### TFRecord Generation
This is the last stage for combining image annotations and image into two seperate records (train/test) split that will be ready to be uploaded into GCloud for processing. Image augmentation, preprocessing should be done prior to using functions on this script.


In [None]:
## Global Variables
processed_annotations = []~
train_dataset = []
test_dataset  = []

In [None]:
import random

def LoadAndSplitDataset(annotation_file):
    # Flush Global Vars
    global processed_annotations
    global train_dataset
    global test_dataset
    # Open File
    annotation_data = open(annotation_file, "r")
    # Load Combined Data Annotations
    for line in annotation_data:
        filename, class_idx, x_min_norm, y_min_norm, x_max_norm, y_max_norm = line.rstrip().split(" ")
        processed_annotations.append((filename, int(class_idx), float(x_min_norm), float(y_min_norm), float(x_max_norm), float(y_max_norm)))
        
    annotation_data.close()
    
    # Shuffle and Split
    random.shuffle(processed_annotations)

    train_test_split = int(0.70 * len(processed_annotations))
    train_dataset = processed_annotations[:train_test_split]
    test_dataset  = processed_annotations[train_test_split:]

    # Sanity Check
    print("Training Data Size  : {}\nTesting Data Size   : {}".format(len(train_dataset), len(test_dataset)))
    print("Sanity Check Status : {}".format(len(train_dataset) + len(test_dataset) == len(processed_annotations)))

In [None]:
LoadAndSplitDataset("/Users/Work/Documents/Conversion/data/augfin.txt")

In [None]:
# Copyright 2017 The TensorFlow Authors.

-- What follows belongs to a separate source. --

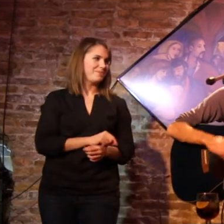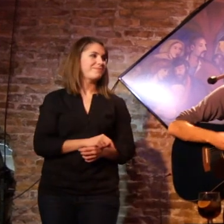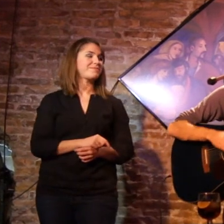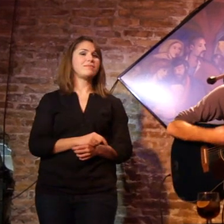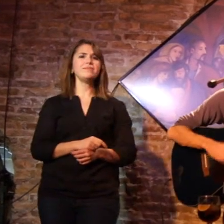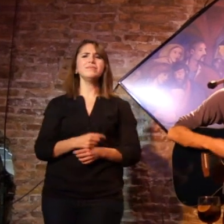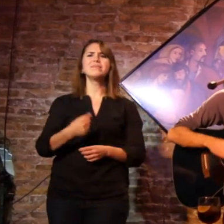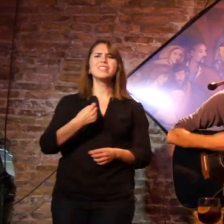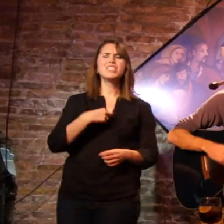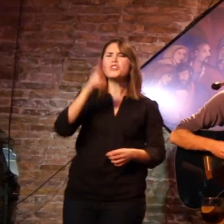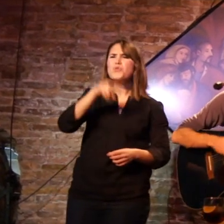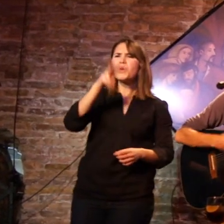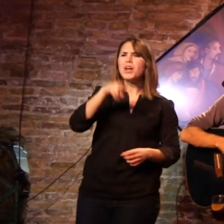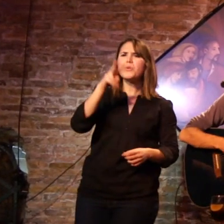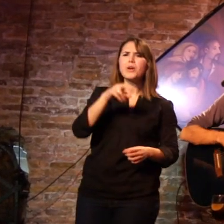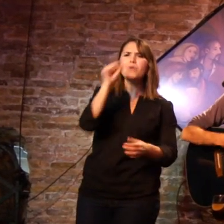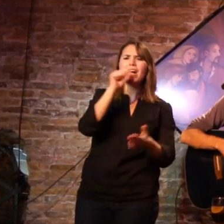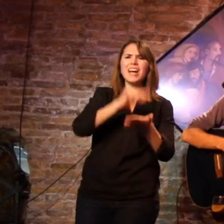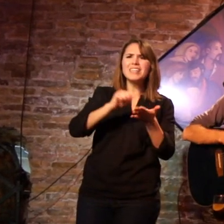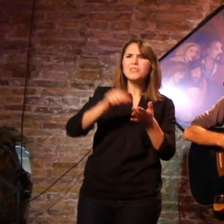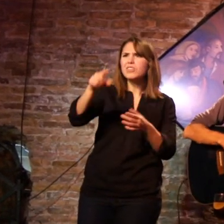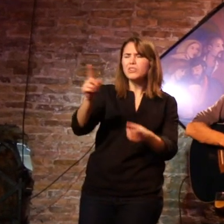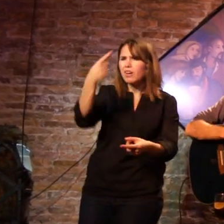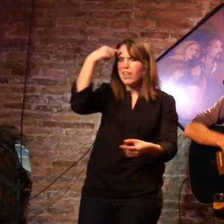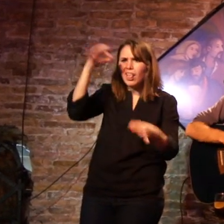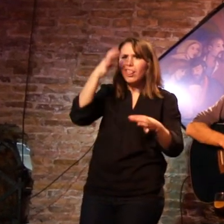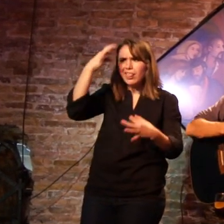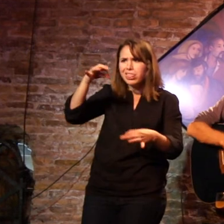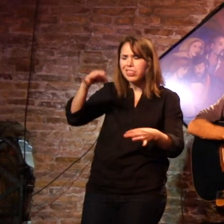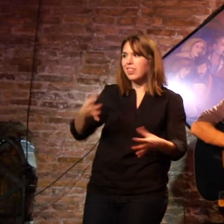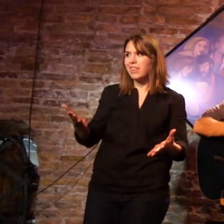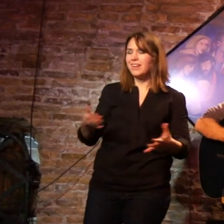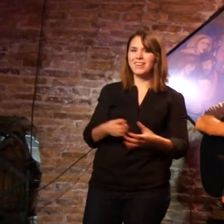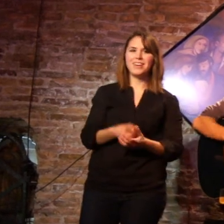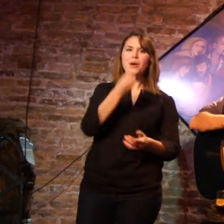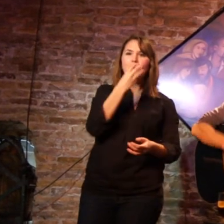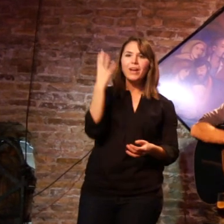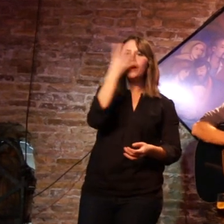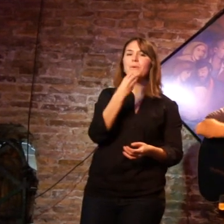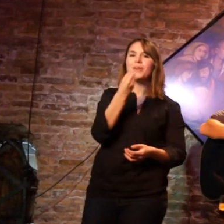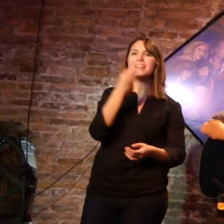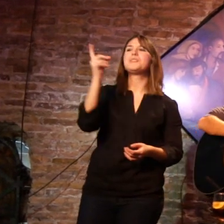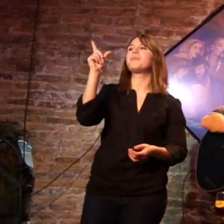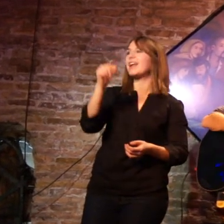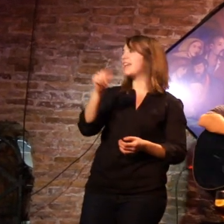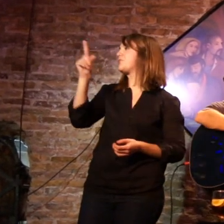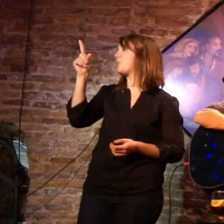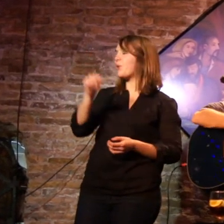Nunca os digáis cuando un canto te diga que es la última. más, nunca os lo creáis. Vamos a probar. Bueno, bonito y barato.

All Rights Reserved.
#
# Licensed under the Apache License, Version 2.0 (the "License");
# you may not use this file except in compliance with the License.
# You may obtain a copy of the License at
#
#     http://www.apache.org/licenses/LICENSE-2.0
#
# Unless required by applicable law or agreed to in writing, software
# distributed under the License is distributed on an "AS IS" BASIS,
# WITHOUT WARRANTIES OR CONDITIONS OF ANY KIND, either express or implied.
# See the License for the specific language governing permissions and
# limitations under the License.
# ==============================================================================

"""Utility functions for creating TFRecord data sets."""



def int64_feature(value):
  return tf.train.Feature(int64_list=tf.train.Int64List(value=[value]))


def int64_list_feature(value):
  return tf.train.Feature(int64_list=tf.train.Int64List(value=value))


def bytes_feature(value):
  return tf.train.Feature(bytes_list=tf.train.BytesList(value=[value]))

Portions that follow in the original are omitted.